With her debut novel, Donia Bijan (author of the acclaimed memoir Maman’s Homesick Pie) offers multiple parallel coming-of-age stories as we visit Noor and her father at different stages of their lives, as well as witness her daughter Lily’s struggles in the present. Iran has changed significantly in the 30 years since Noor has been away, but Café Leila remains an oasis of pleasant memories. Noor and Lily must navigate a shockingly different culture while simultaneously picking up the pieces of their upended lives. The narrative nimbly leaps from one character to another and from past to present, revealing the much-appreciated backstory at just the right pace. A strong theme of parental love weaves throughout, as well as the idea that one’s own evolution may involve parenthood, but does not begin or end with it. The final chapters, while at times sugary-sweet, may elicit a tear or two.
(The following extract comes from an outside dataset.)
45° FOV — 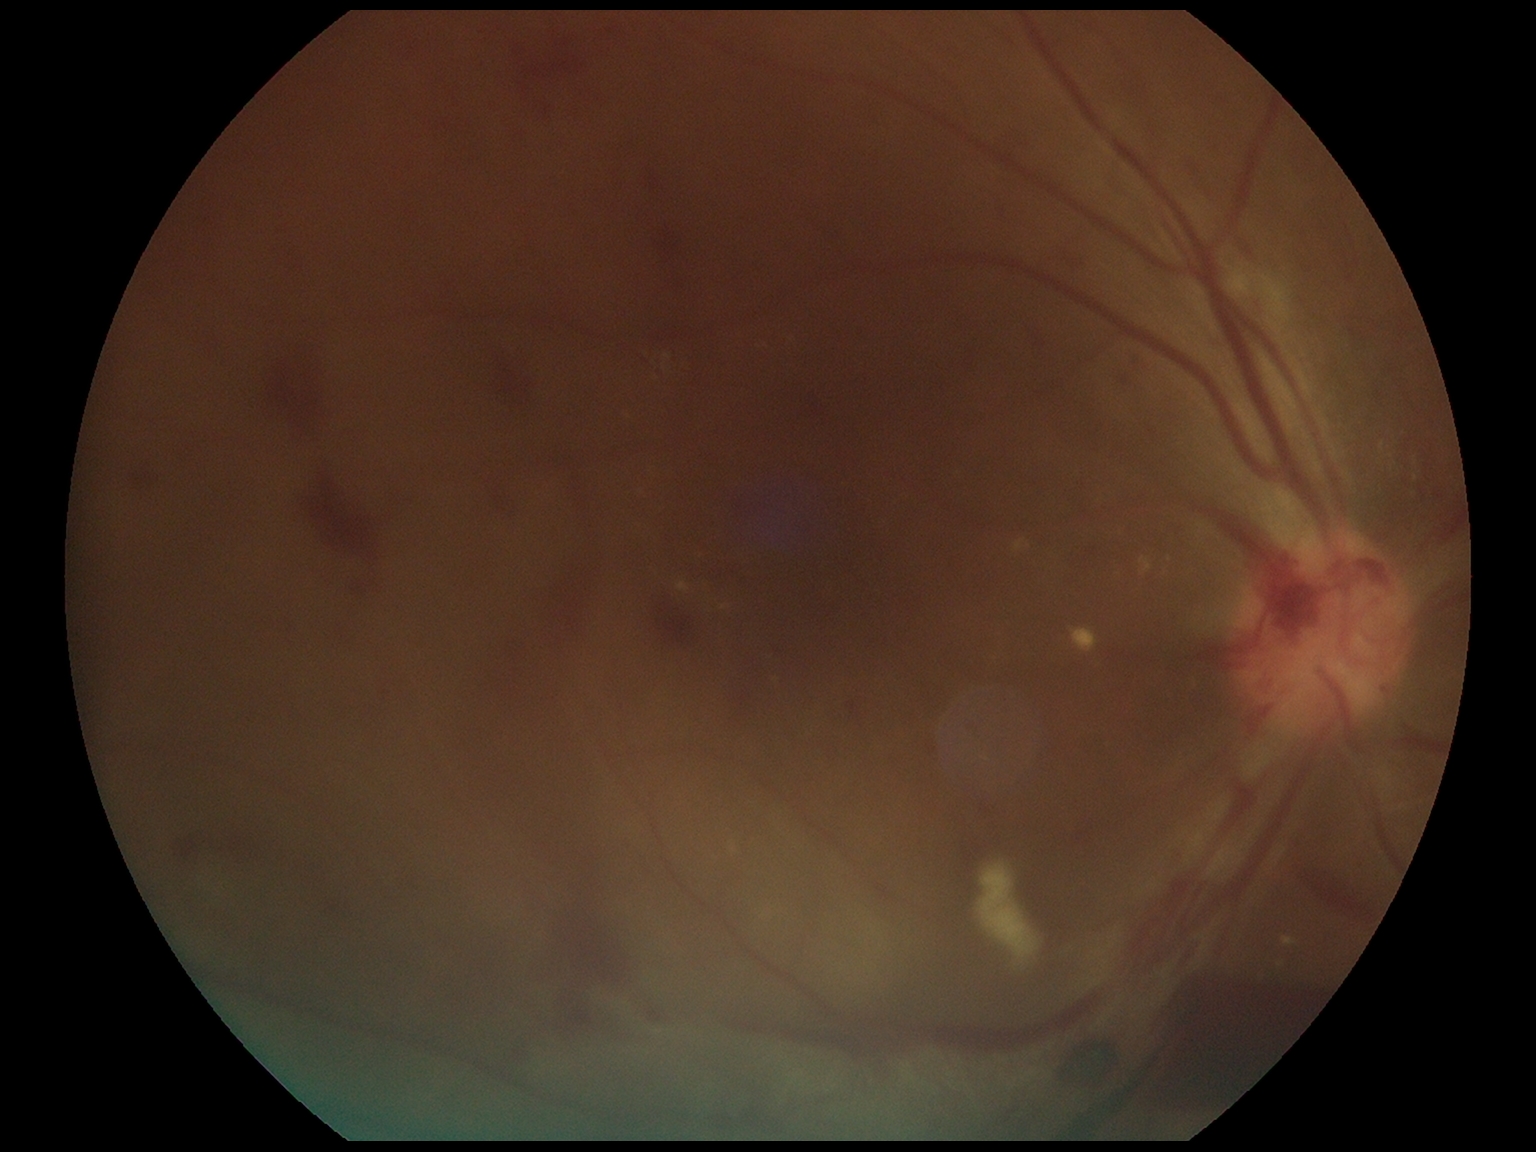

Bijan, a native Iranian, writes of the beauty and customs of her homeland with fondness. She doesn’t shy away from the intense political climate, and much of the book’s action takes place amid the violence that has gripped Iran since the Islamic Revolution. The author is also a former restaurateur who was educated at Le Cordon Bleu in Paris, and she perfectly captures the universal pleasure of cooking for others.

Noor’s marriage has suddenly ended, so she and her teenage daughter journey from their home in San Francisco to Iran, where Noor’s elderly father still runs the café that has been in the family for decades. The trip, though cathartic, does not prove to be exactly what Noor expected. Instead, she is presented with opportunities to grow as a parent, as a daughter and as an individual.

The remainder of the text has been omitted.